(The problem): Return the lines of the data below in which the string "ground" occurs.

Saved data entries
:::::

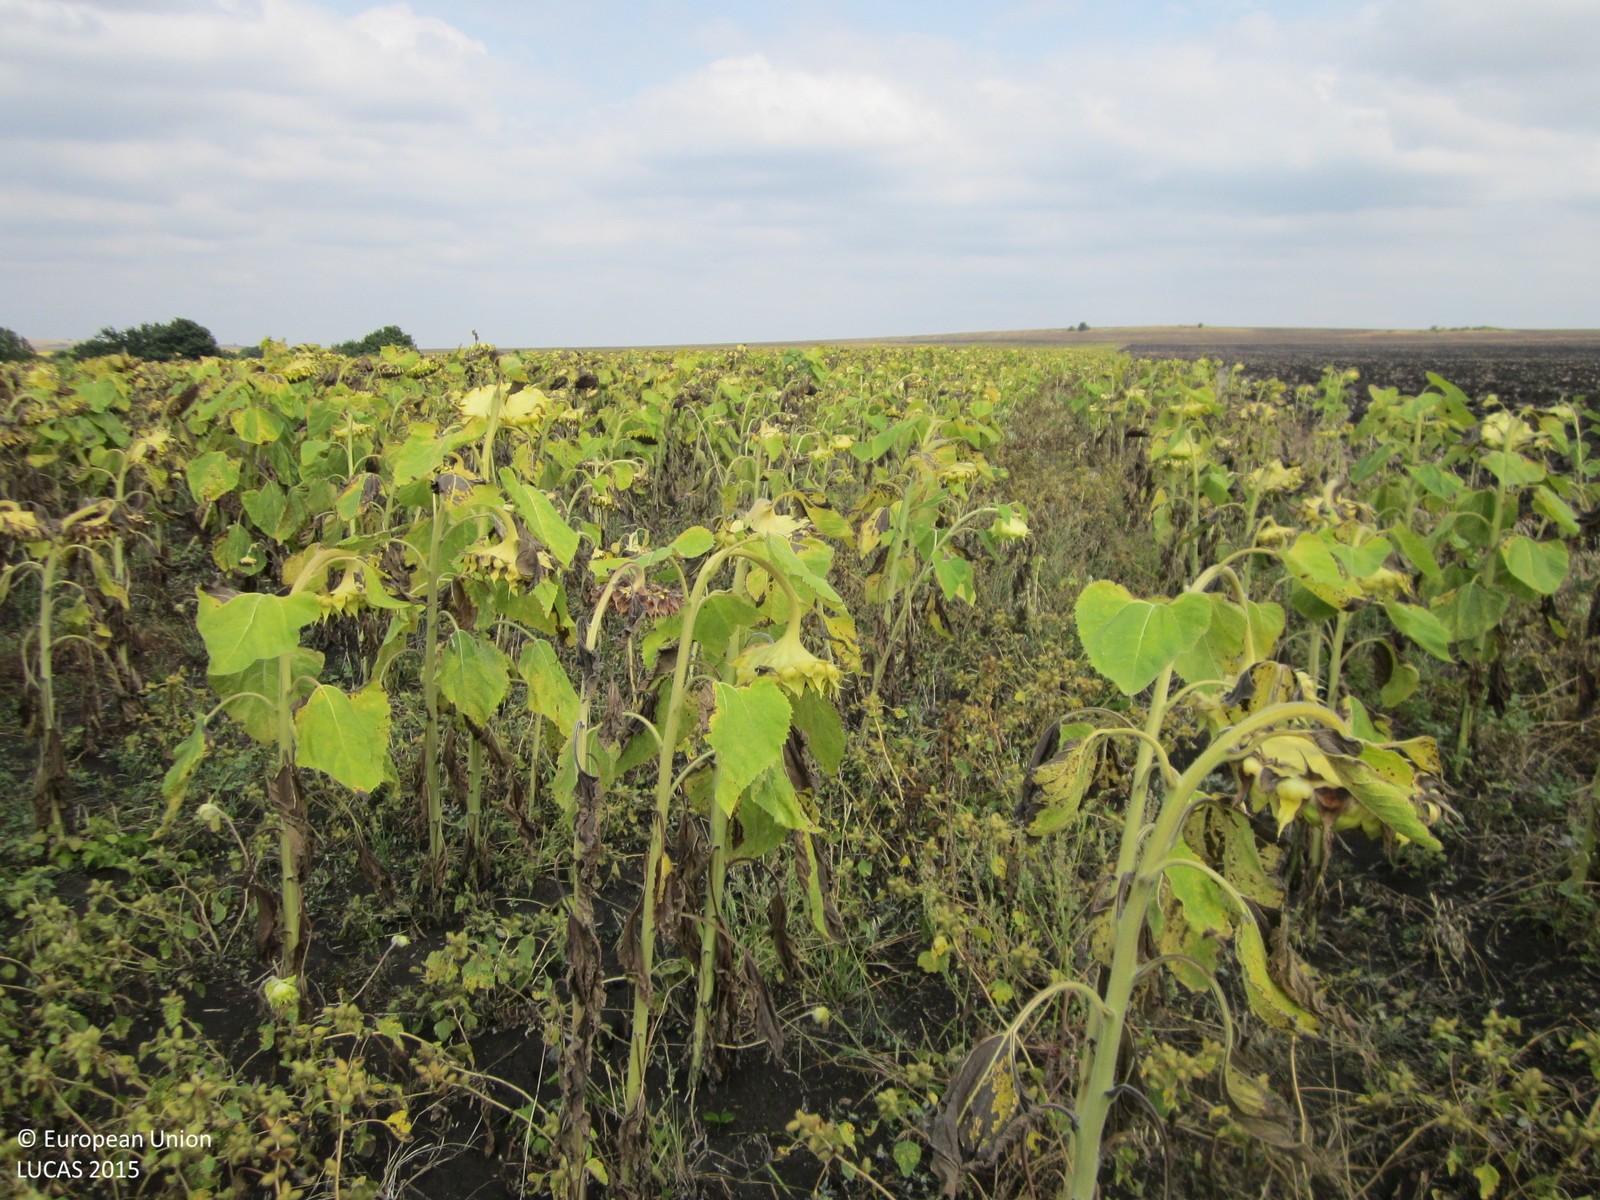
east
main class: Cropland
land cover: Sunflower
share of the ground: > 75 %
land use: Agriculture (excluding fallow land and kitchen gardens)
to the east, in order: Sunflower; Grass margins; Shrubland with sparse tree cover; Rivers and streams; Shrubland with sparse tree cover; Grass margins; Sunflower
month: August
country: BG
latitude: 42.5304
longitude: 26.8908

:::::

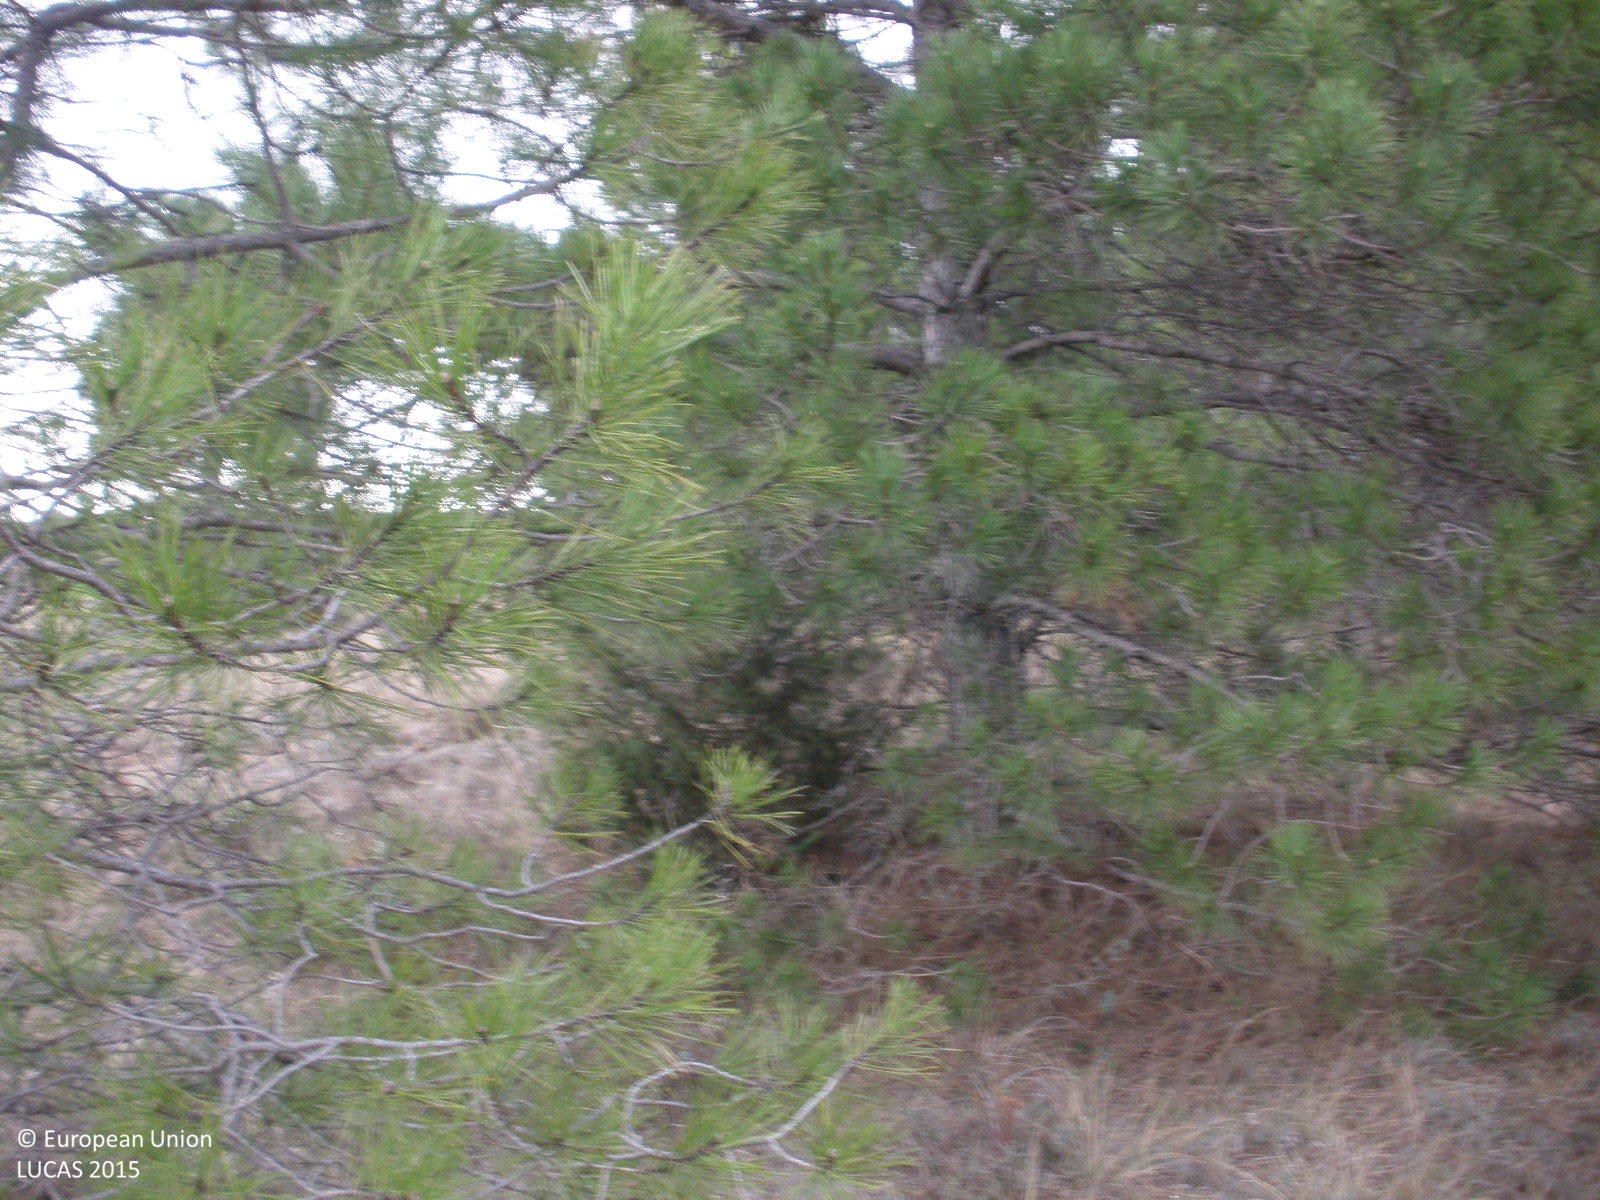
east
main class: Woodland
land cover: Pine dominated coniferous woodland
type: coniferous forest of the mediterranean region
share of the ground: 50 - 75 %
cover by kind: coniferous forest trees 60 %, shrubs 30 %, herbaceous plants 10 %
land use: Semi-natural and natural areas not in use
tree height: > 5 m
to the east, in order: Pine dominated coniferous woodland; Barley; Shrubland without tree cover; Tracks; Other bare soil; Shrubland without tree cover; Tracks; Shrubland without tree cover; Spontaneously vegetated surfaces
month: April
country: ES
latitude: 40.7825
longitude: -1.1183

:::::

(Response):
share of the ground: > 75 %
share of the ground: 50 - 75 %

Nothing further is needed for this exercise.